_EXERCISE DESCRIPTION_: When copying the data, keep every line exactly the same.

Data records
┏━━

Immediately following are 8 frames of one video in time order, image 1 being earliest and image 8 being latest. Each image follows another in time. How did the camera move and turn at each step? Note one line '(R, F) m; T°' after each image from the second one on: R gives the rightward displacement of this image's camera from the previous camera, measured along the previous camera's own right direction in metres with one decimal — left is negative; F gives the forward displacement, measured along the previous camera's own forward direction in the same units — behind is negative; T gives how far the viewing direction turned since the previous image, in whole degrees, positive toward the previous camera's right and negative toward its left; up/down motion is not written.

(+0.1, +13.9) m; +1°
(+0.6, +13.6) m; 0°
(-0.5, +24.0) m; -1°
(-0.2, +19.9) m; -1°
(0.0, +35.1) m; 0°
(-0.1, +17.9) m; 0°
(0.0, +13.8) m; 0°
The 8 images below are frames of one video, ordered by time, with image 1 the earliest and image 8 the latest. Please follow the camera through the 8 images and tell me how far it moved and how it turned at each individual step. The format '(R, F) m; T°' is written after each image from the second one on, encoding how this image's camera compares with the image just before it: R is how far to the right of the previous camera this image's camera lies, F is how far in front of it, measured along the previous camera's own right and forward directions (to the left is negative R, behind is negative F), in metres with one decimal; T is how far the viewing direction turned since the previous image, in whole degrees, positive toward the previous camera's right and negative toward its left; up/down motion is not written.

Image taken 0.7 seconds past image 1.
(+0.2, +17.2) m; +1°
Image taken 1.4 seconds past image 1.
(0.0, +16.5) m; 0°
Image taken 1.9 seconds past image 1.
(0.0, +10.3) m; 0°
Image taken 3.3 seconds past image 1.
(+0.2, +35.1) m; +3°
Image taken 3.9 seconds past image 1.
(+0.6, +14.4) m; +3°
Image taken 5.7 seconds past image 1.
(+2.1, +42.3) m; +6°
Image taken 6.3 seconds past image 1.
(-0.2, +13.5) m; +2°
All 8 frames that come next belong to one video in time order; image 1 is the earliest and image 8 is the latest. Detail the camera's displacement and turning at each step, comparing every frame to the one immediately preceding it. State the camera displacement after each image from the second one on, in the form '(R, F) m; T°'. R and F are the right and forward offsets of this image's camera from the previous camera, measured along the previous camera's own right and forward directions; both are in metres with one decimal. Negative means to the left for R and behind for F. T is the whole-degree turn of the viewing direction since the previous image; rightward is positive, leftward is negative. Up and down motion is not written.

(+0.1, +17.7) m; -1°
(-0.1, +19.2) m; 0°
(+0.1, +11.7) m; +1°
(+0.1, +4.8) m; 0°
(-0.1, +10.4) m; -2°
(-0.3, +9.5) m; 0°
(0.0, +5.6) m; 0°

┗━━

_SOLUTION TO THIS EXERCISE_:
Immediately following are 8 frames of one video in time order, image 1 being earliest and image 8 being latest. Each image follows another in time. How did the camera move and turn at each step? Note one line '(R, F) m; T°' after each image from the second one on: R gives the rightward displacement of this image's camera from the previous camera, measured along the previous camera's own right direction in metres with one decimal — left is negative; F gives the forward displacement, measured along the previous camera's own forward direction in the same units — behind is negative; T gives how far the viewing direction turned since the previous image, in whole degrees, positive toward the previous camera's right and negative toward its left; up/down motion is not written.

(+0.1, +13.9) m; +1°
(+0.6, +13.6) m; 0°
(-0.5, +24.0) m; -1°
(-0.2, +19.9) m; -1°
(0.0, +35.1) m; 0°
(-0.1, +17.9) m; 0°
(0.0, +13.8) m; 0°
The 8 images below are frames of one video, ordered by time, with image 1 the earliest and image 8 the latest. Please follow the camera through the 8 images and tell me how far it moved and how it turned at each individual step. The format '(R, F) m; T°' is written after each image from the second one on, encoding how this image's camera compares with the image just before it: R is how far to the right of the previous camera this image's camera lies, F is how far in front of it, measured along the previous camera's own right and forward directions (to the left is negative R, behind is negative F), in metres with one decimal; T is how far the viewing direction turned since the previous image, in whole degrees, positive toward the previous camera's right and negative toward its left; up/down motion is not written.

Image taken 0.7 seconds past image 1.
(+0.2, +17.2) m; +1°
Image taken 1.4 seconds past image 1.
(0.0, +16.5) m; 0°
Image taken 1.9 seconds past image 1.
(0.0, +10.3) m; 0°
Image taken 3.3 seconds past image 1.
(+0.2, +35.1) m; +3°
Image taken 3.9 seconds past image 1.
(+0.6, +14.4) m; +3°
Image taken 5.7 seconds past image 1.
(+2.1, +42.3) m; +6°
Image taken 6.3 seconds past image 1.
(-0.2, +13.5) m; +2°
All 8 frames that come next belong to one video in time order; image 1 is the earliest and image 8 is the latest. Detail the camera's displacement and turning at each step, comparing every frame to the one immediately preceding it. State the camera displacement after each image from the second one on, in the form '(R, F) m; T°'. R and F are the right and forward offsets of this image's camera from the previous camera, measured along the previous camera's own right and forward directions; both are in metres with one decimal. Negative means to the left for R and behind for F. T is the whole-degree turn of the viewing direction since the previous image; rightward is positive, leftward is negative. Up and down motion is not written.

(+0.1, +17.7) m; -1°
(-0.1, +19.2) m; 0°
(+0.1, +11.7) m; +1°
(+0.1, +4.8) m; 0°
(-0.1, +10.4) m; -2°
(-0.3, +9.5) m; 0°
(0.0, +5.6) m; 0°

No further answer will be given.